Я умалчиваю, что через несколько лет я участвовал в профессиональном турнире и чуть не увез домой звание чемпиона АПС. Умалчиваю, что меня выбрали новичком года, в «Спортс иллюстрейтед» обо мне написали статью на шесть страниц. Умалчиваю, что два года назад я получил почти миллион долларов призовых и подписал пятилетний рекламный контракт. Я об этом не говорю, потому что придется объяснять про наркотики, арест, чувство вины.
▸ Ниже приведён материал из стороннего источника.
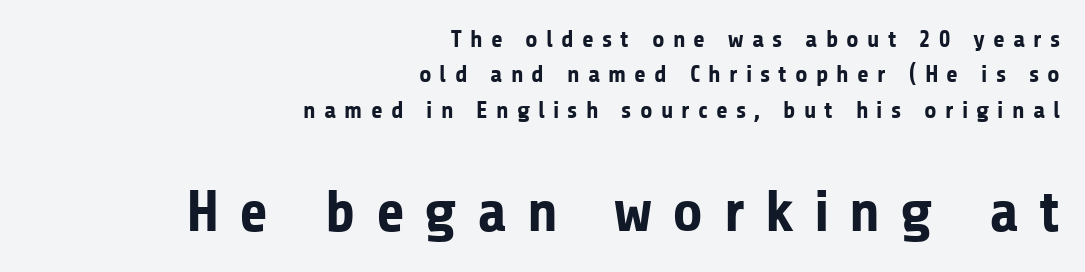
Q: Is the text bold? A: Yes.
Q: Is the text italic (slanted)? A: No, it is upright.
Q: Is the typeface a serif or a sans-serif typeface? A: Sans-serif.
Q: Is the text underlined? A: No.
Q: How is the paragraph aligned? A: Right-aligned.
Q: Is the spacing between letters normal or unusually wide? A: Unusually wide.
Q: Is the spacing between lines tight, normal or loose? A: Normal.
Q: Which block of text is set in a larger size, the first (top) or the second (bottom)? A: The second (bottom) one.
Q: Width (condensed, normal, or wide)? A: Normal.
Q: Stroke contrast? A: Low.
Q: x-height? A: Medium.
Q: Monospaced? A: No.
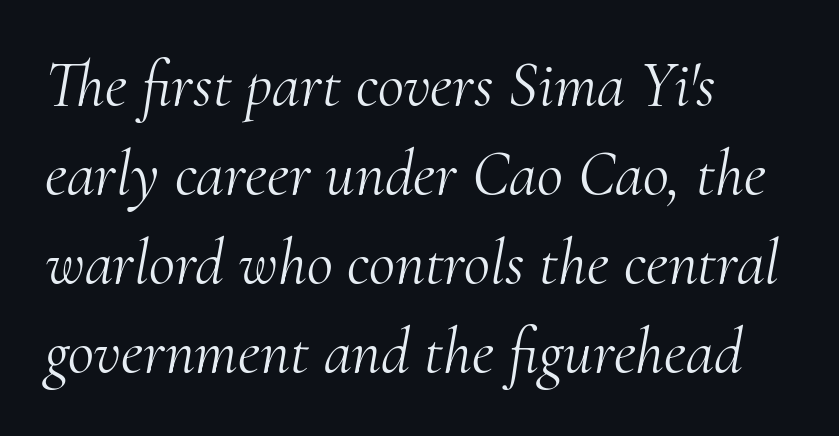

Придется сказать, что я все профукал.

Здорово, что она понятия не имеет, кто я. Я чистый лист — никто ничего от меня не ждет, не строит догадок, не осуждает. Если бы Джемма обо всем знала, она все равно видела бы во мне интересного человека?

— В четырнадцать?

— Да.

— Круто, — ослепительно улыбается она. — Очень круто.

В голосе слышится любопытство, она того и гляди начнет расспрашивать о серфинге, о юниорском туре, поэтому я решаю сменить тему:

— А ты какой была?

Она наклоняет голову вбок, хмурится, чуть выпячивает подбородок.

— Когда?

— В четырнадцать.

Она всматривается мне в лицо, цвет глаз меняется, светлеет до зеленого металлика.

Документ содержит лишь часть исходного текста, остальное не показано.